II.
Помнится, после нашей общей голодовки скоро решился и вопрос о мастерских. Вероятно, хотели вознаградить нас за отобрание книг, которое вызвало голодовку. Когда Федоров спросил меня однажды, каким именно ремеслом я думаю заняться, я был в большом затруднении.
-- Башмачным,-- сказал я наконец, думая, что это -- самое легкое из всех мне известных и, значит, самое доступное. Притом у сапожника мне, как и всякому, приходилось бывать нередко, а других мастерских я даже не видывал, по крайней мере, с тех пор, как вышел из детского возраста.
Сначала открыли одну только столярную (кажется, в 1889 г.) и предоставили ее Варынскому, как человеку, уже сильно страдавшему одышкой, для моциона. Он сделал недурной сапожный столик, и, когда кончил его, я приглашен был в мастерскую в "Сарай" -- двигать башмачное дело. Мне дали колодку, кожу и инструменты и предложили сделать башмаки для Лукашевича, так как для его феноменальной ноги казенная обувь была тесна и ему делали ее на заказ.
Немало тут пришлось мне поломать голову, чтобы сообразить, как прикрепляется подошва. Может быть, я и не решил бы этой задачи, если бы не догадался спросить старые башмаки и распороть их. Вся премудрость обнаружилась при этом воочию.
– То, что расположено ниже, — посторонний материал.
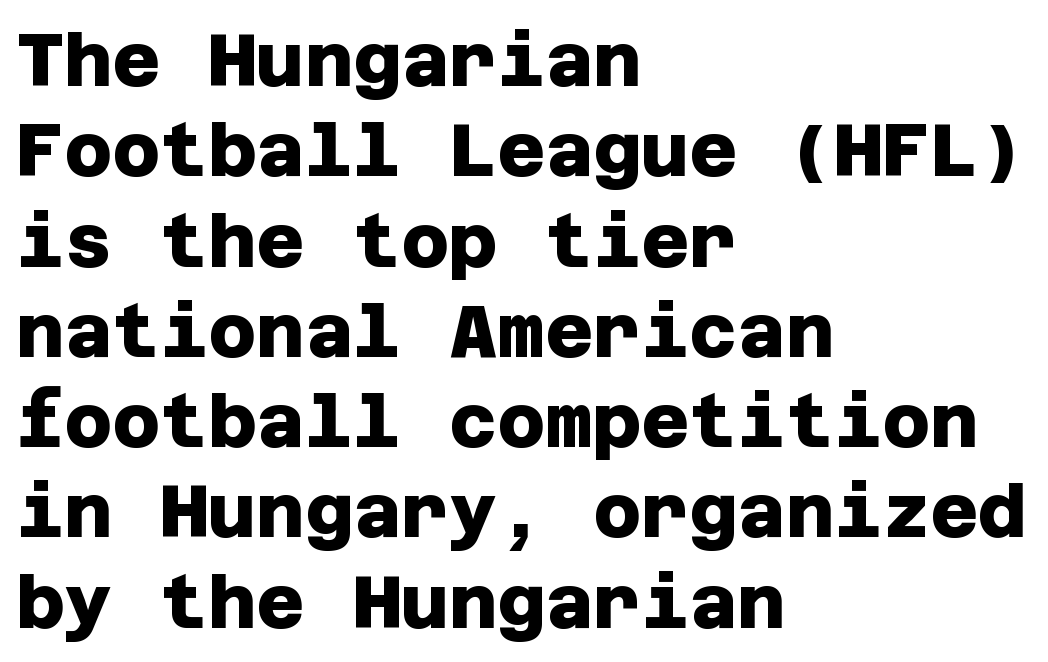
The image shows 74 px heavy sans-serif type; set left-aligned, line spacing 1.22x, normal letter spacing, not underlined; low stroke contrast and a large x-height.
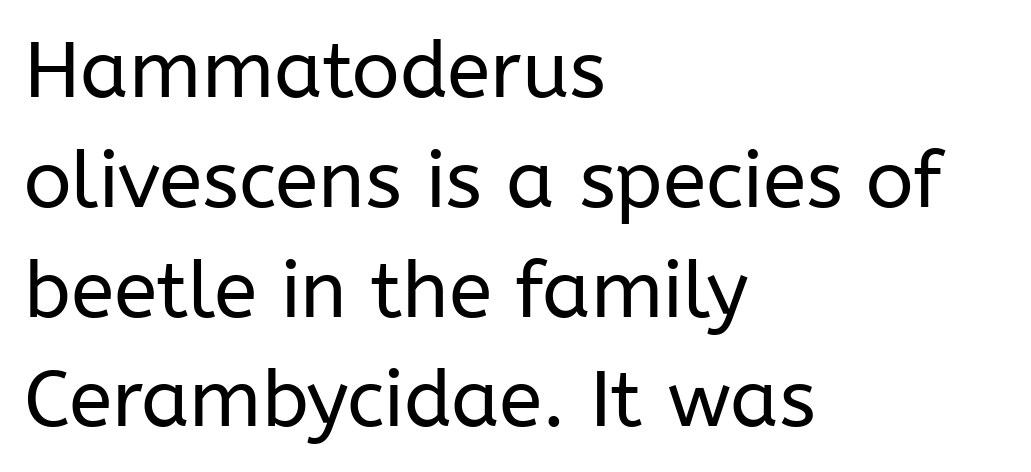
Does the copy run flush right? No — it runs flush left. Looks like regular typesetting: each glyph gets only the width it needs. Italic: no, the glyphs are upright roman. Nobody drew a line under any word here.
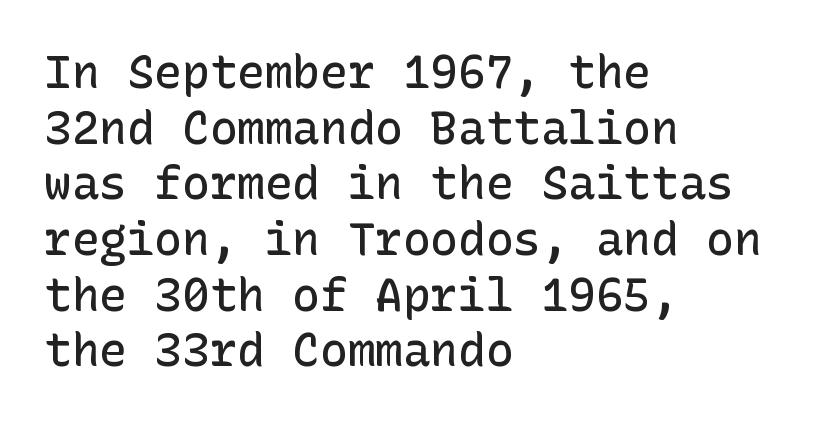
Q: Is the text bold? A: Semi-bold.
Q: Is the text italic (slanted)? A: No, it is upright.
Q: Is the typeface a serif or a sans-serif typeface? A: Sans-serif.
Q: Is the text underlined? A: No.
Q: How is the paragraph aligned? A: Left-aligned.
Q: Is the spacing between letters normal or unusually wide? A: Normal.
Q: Width (condensed, normal, or wide)? A: Normal.
Q: Stroke contrast? A: Low.
Q: x-height? A: Medium.
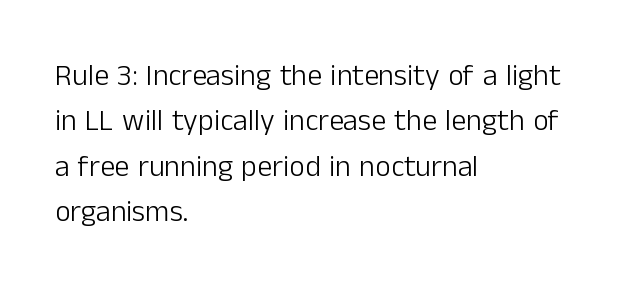
{"serif": "no", "italic": "no", "bold": "no", "weight": "light", "width": "normal", "stroke_contrast": "low", "x_height": "medium", "monospaced": "no", "underline": "no", "align": "left", "line_spacing": "normal", "line_spacing_ratio": 1.51, "letter_spacing": "normal", "letter_spacing_em": 0.0, "glyph_px": 30}
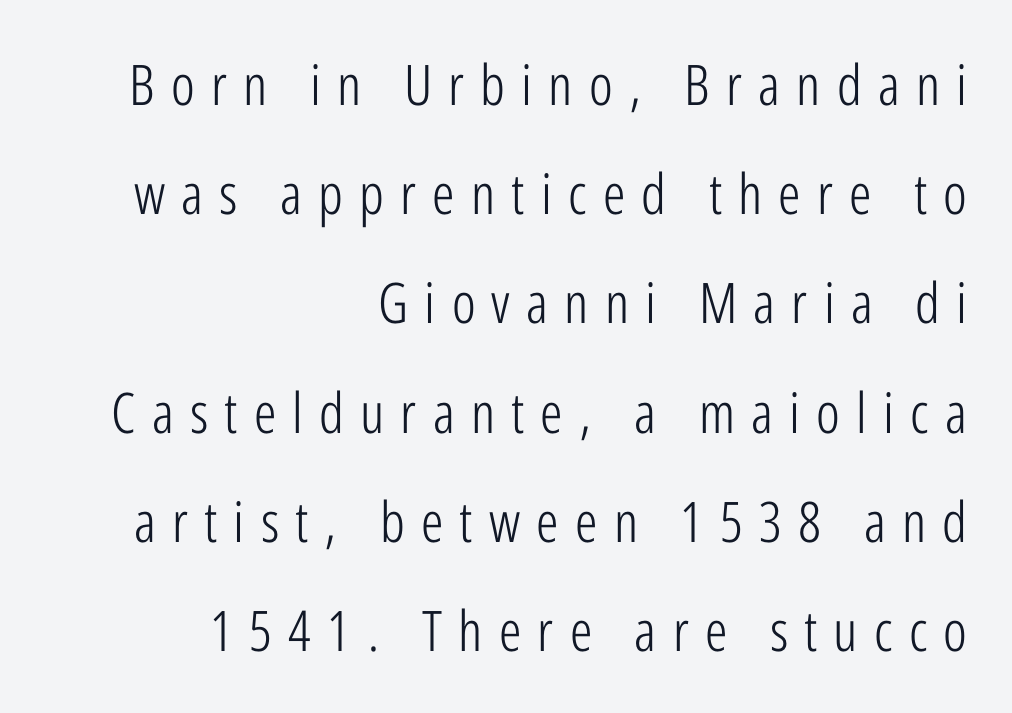
{"serif": "no", "italic": "no", "bold": "no", "weight": "light", "width": "condensed", "stroke_contrast": "low", "x_height": "medium", "monospaced": "no", "underline": "no", "align": "right", "line_spacing": "loose", "line_spacing_ratio": 1.95, "letter_spacing": "wide", "letter_spacing_em": 0.29, "glyph_px": 56}
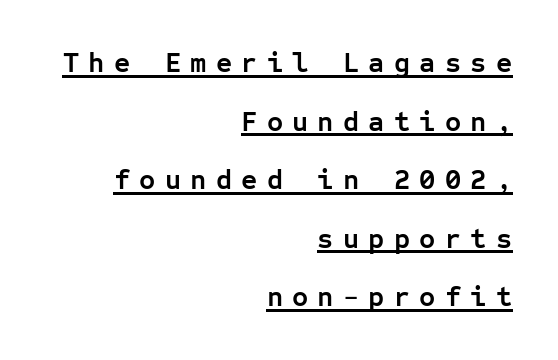
Q: Is the text bold? A: Yes.
Q: Is the text italic (slanted)? A: No, it is upright.
Q: Is the typeface a serif or a sans-serif typeface? A: Sans-serif.
Q: Is the text underlined? A: Yes.
Q: How is the paragraph aligned? A: Right-aligned.
Q: Is the spacing between letters normal or unusually wide? A: Unusually wide.
Q: Is the spacing between lines tight, normal or loose? A: Loose.
Q: Width (condensed, normal, or wide)? A: Normal.
Q: Stroke contrast? A: Low.
Q: x-height? A: Medium.
Q: Monospaced? A: Yes.

Но и сверх того оставались еще многие детали, которые казались мне неразрешимыми. К счастью, в это время сидел рядом со мной П. Л. Антонов -- на все руки мастер. Я возвращался домой и стуком передавал ему все мои недоумения и затруднения, которые он тем же путем терпеливо и разъяснял мне, вероятно, немало дивясь моей наивности.
Как бы там ни было, но, примерно через месяц, пара башмаков была готова. Я утешал себя тогда тем, что первый русский корабль в Воронеже строился еще дольше. Описывая всю тогдашнюю волокиту, Соловьев в утешение читателя говорит:
"Как ни долго строили, а все-таки выстроили!"
Выстроил и я свои башмаки. Впоследствии я слыхал, что, когда в 70-х годах заводились артельные мастерские людьми, искавшими единения с народом, то у них башмакоделание шло не с большей быстротой, чем у меня, хотя они работали под руководством опытного мастера и на воле, а я работал в тюрьме и был предоставлен только собственным силам. В редких случаях, при окончании рабочего времени перед чаем, когда за мной приходил вахмистр, он открывал дверь и при этом смотрел на мою работу и кое-что указывал мне. Но сам он, кажется, не умел шить, а судил, как всякий солдат, постоянно видавший сапожную работу.
Таково было начало. Это же было началом и легализированных разговоров с унтерами, причем вначале слово было предоставлено исключительно одному вахмистру.